Reversed. The Uniform Child Custody Jurisdiction and Enforcement Act (UCCJEA), codified at O.C.G.A. §19-9-40 et seq. treats orders from foreign countries the same as orders from other U.S. states. O.C.G.A. §19-9-85 sets out the requirements for registering and contesting the registration of foreign custody orders, and the court’s obligations. In the instant case, Davis did not carry her burden under O.C.G.A. §19-9-85(d) of showing that the 2019 UK Order should not be registered. Firstly, the UK court had jurisdiction when it entered the Order. Secondly, the Order was never vacated, stayed or modified. Instead, it was ongoing, without an expiration date. Finally, Davis submitted to the jurisdiction of the UK court, and therefore could not claim that she received no notice of the proceedings. Accordingly, because Davis failed to carry her burden as required by O.C.G.A. §19-9-85(d), the trial court was required to confirm registration of the 2019 UK Order.

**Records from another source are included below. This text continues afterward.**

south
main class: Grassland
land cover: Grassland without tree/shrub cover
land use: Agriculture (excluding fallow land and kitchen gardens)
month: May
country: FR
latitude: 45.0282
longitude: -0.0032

Related Family Law Cases Released in May 2022:
Dependency // Truancy
In the Interest of B.M.R., a child, Case No. A22A0092, Georgia Court of Appeals, May 4, 2022.

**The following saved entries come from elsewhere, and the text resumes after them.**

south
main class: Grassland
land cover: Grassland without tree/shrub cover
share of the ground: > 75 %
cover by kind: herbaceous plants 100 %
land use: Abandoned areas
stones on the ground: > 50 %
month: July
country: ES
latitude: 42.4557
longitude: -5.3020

Upon clear and convincing evidence that a child is dependent, the juvenile court may remove the child from a parent or guardian, and place the child in the protective custody of DFCS. In relevant part, a child is dependent if s/he has been abused or neglected, and in need of the court’s protection. A failure to provide proper parental care or control, subsistence, education or other care may constitute negligence. In the instant case, the child’s high number of unexcused absences and long periods of missed school, and the Grandmother/guardian’s unwillingness to address the truancy was clear and convincing evidence of negligence sufficient to remove the child from Grandmother’s custody.
Dependency // Right to an Attorney
In the Interest of N.C. et al., children, Case No. A22A0554, Georgia Court of Appeals, May 11, 2022.
In a dependency action, the parties and the children have the right to an attorney at all stages of the proceedings. O.C.G.A. §15-11-103(a). A parent proceeding pro se is obligated to comply with Court rules to enable the Court to determine the basis and substance of the issues on appeal. In the instant case, the mother did not meet her burden of showing fraud or reversible error in the lower court.